Gefordert sind Erfahrung, Kreativität und Flexibilität

Engineering für Produkt- u. Verfahrensentwicklung

| Redakteur: Anne Richter

Vielseitig verstellbares Gerät für die Behandlung von Pferdegebissen.
Vielseitig verstellbares Gerät für die Behandlung von Pferdegebissen. ( Klaus Vollrath)

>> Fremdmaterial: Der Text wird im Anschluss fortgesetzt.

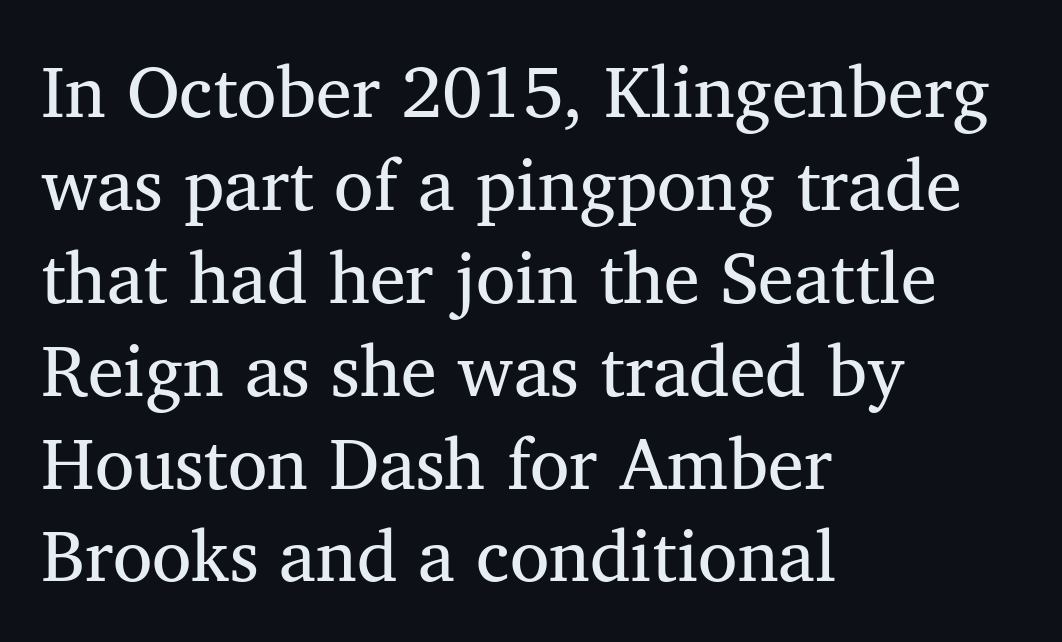
{"serif": "yes", "italic": "no", "bold": "no", "weight": "regular", "width": "normal", "stroke_contrast": "medium", "x_height": "medium", "monospaced": "no", "underline": "no", "align": "left", "line_spacing": "normal", "line_spacing_ratio": 1.29, "letter_spacing": "normal", "letter_spacing_em": 0.0, "glyph_px": 72}
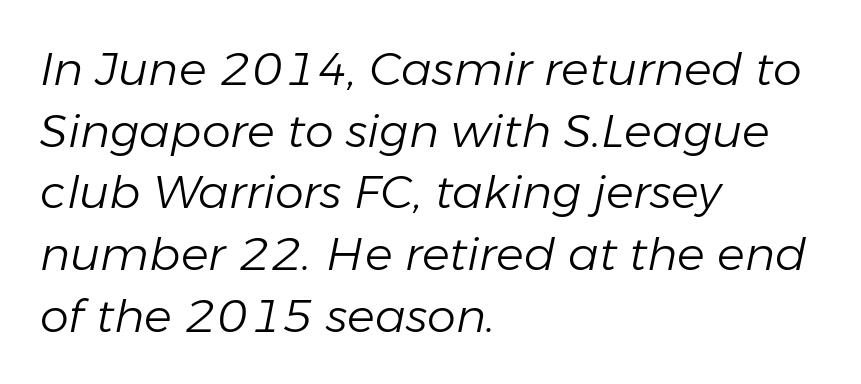
The image shows 46 px light type, italic (leaning right); set left-aligned, normal line spacing (1.34x), normal letter spacing, not underlined; low stroke contrast and a medium x-height.
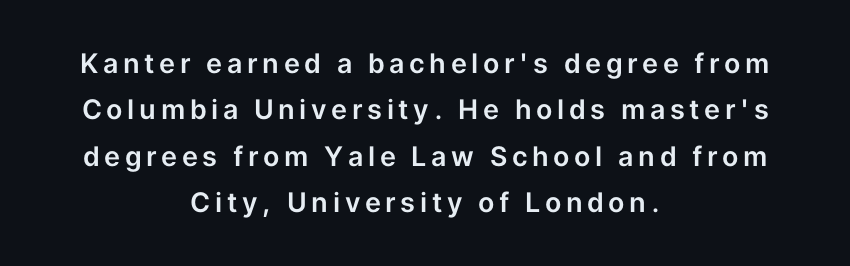
The image shows 27 px text type, upright; set centered, line spacing 1.72x, not underlined.
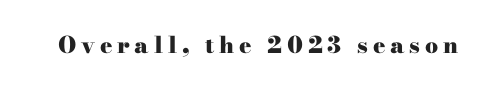
{"italic": "no", "bold": "yes", "underline": "no", "letter_spacing": "wide", "letter_spacing_em": 0.21, "glyph_px": 23}
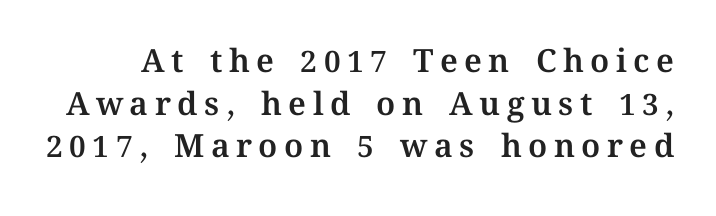
Q: Is the text italic (slanted)? A: No, it is upright.
Q: Is the text underlined? A: No.
Q: Is the spacing between letters normal or unusually wide? A: Unusually wide.
Q: Is the spacing between lines tight, normal or loose? A: Normal.
Q: Width (condensed, normal, or wide)? A: Normal.
Q: Stroke contrast? A: Medium.
Q: x-height? A: Medium.
Q: Monospaced? A: No.
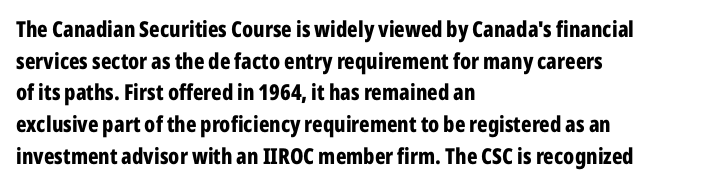
{"italic": "no", "bold": "yes", "underline": "no", "align": "left", "line_spacing": "normal", "line_spacing_ratio": 1.44, "letter_spacing": "normal", "letter_spacing_em": 0.0, "glyph_px": 22}
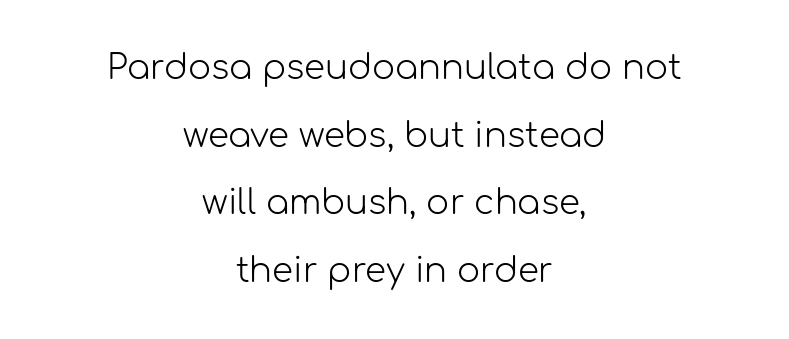
Q: Is the text bold? A: No.
Q: Is the text italic (slanted)? A: No, it is upright.
Q: Is the typeface a serif or a sans-serif typeface? A: Sans-serif.
Q: Is the text underlined? A: No.
Q: How is the paragraph aligned? A: Centered.
Q: Is the spacing between letters normal or unusually wide? A: Normal.
Q: Is the spacing between lines tight, normal or loose? A: Loose.
Q: Width (condensed, normal, or wide)? A: Normal.
Q: Stroke contrast? A: Low.
Q: x-height? A: Medium.
Q: Monospaced? A: No.
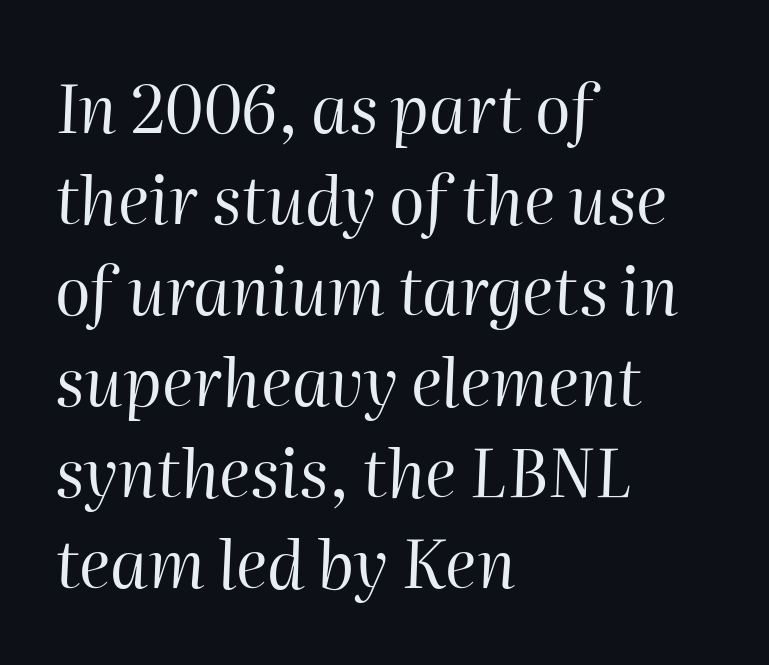
Designer's note — italics engaged. Line spacing here is normal. No chunkiness to these letters — they're not bold. Descender tails drop into unmarked territory.
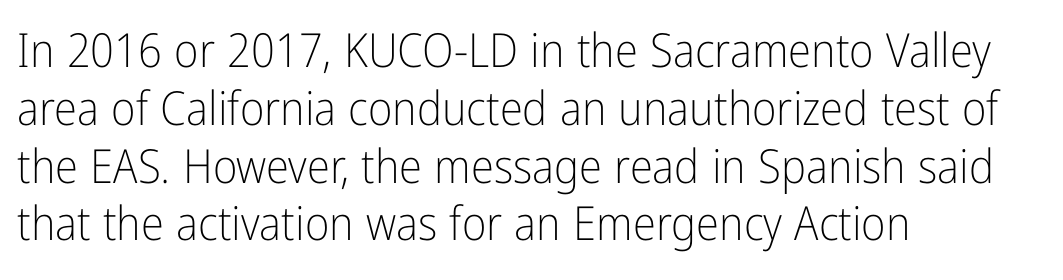
You could not count columns in this text — the font is proportionally spaced. The zone under the glyphs is completely vacant. Nope, not italic — everything's standing straight. Nothing sits at the stroke ends, so this counts as sans-serif. Spacing between characters is what you'd get straight out of the box.
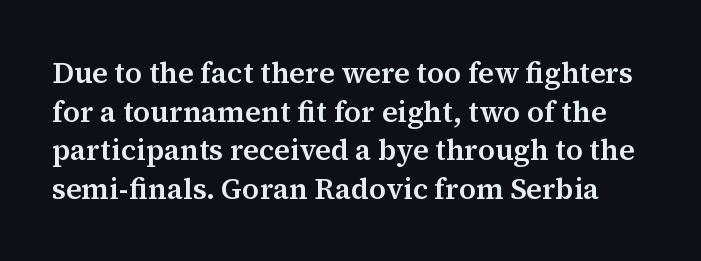
This block has exactly the height ordinary leading produces. Does the lettering tilt? It doesn't — this is upright. Quick note: underline off. This sample uses a serif face. Tracking value appears to be zero — textbook default spacing. The letters advance in unequal steps, a hallmark of proportional type.
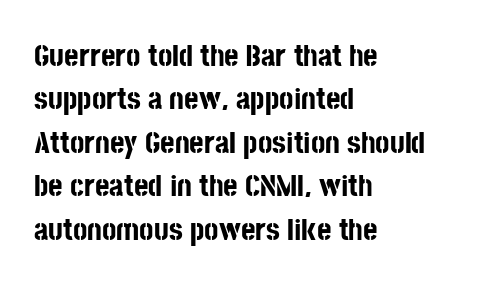
The strip under each line holds only bare page. Heft: maximum for text — a bold. The rendering anchors every line to the left-hand side. These lines are rendered in a variable-pitch font. Each word holds together tightly as a unit, with standard inter-letter gaps. A roman cut, with each character standing at attention.
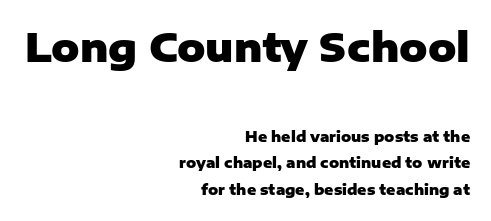
Q: Is the text bold? A: Yes.
Q: Is the text italic (slanted)? A: No, it is upright.
Q: Is the typeface a serif or a sans-serif typeface? A: Sans-serif.
Q: Is the text underlined? A: No.
Q: How is the paragraph aligned? A: Right-aligned.
Q: Is the spacing between letters normal or unusually wide? A: Normal.
Q: Is the spacing between lines tight, normal or loose? A: Loose.
Q: Which block of text is set in a larger size, the first (top) or the second (bottom)? A: The first (top) one.
Q: Width (condensed, normal, or wide)? A: Normal.
Q: Stroke contrast? A: Low.
Q: x-height? A: Medium.
Q: Monospaced? A: No.
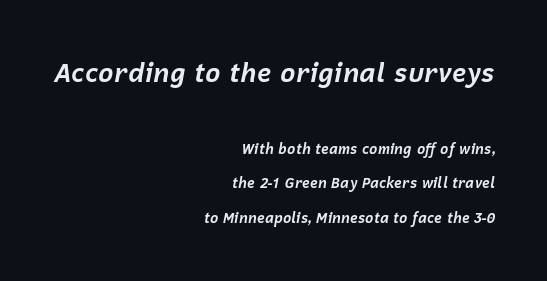
The image shows 26 px bold type, italic (leaning right); set right-aligned, loose line spacing (2.49x), normal letter spacing, not underlined; the first (top) block is 1.86x larger.

Entwicklungsaufgaben sind heute oft so anspruchsvoll, dass sich für viele Firmen das ständige Vorhalten aller benötigten Kompetenzen im eigenen Unternehmen nicht mehr rechnet. Stattdessen greift man bei Bedarf auf externe Engineering-Dienstleister zurück. Diese müssen hohe Anforderungen erfüllen. Besonders gefragt sind ein möglichst breiter Erfahrungshintergrund auf mehreren Gebieten sowie die Fähigkeit, sich schnell und effizient in neuen Aufgabenstellungen zurechtzufinden.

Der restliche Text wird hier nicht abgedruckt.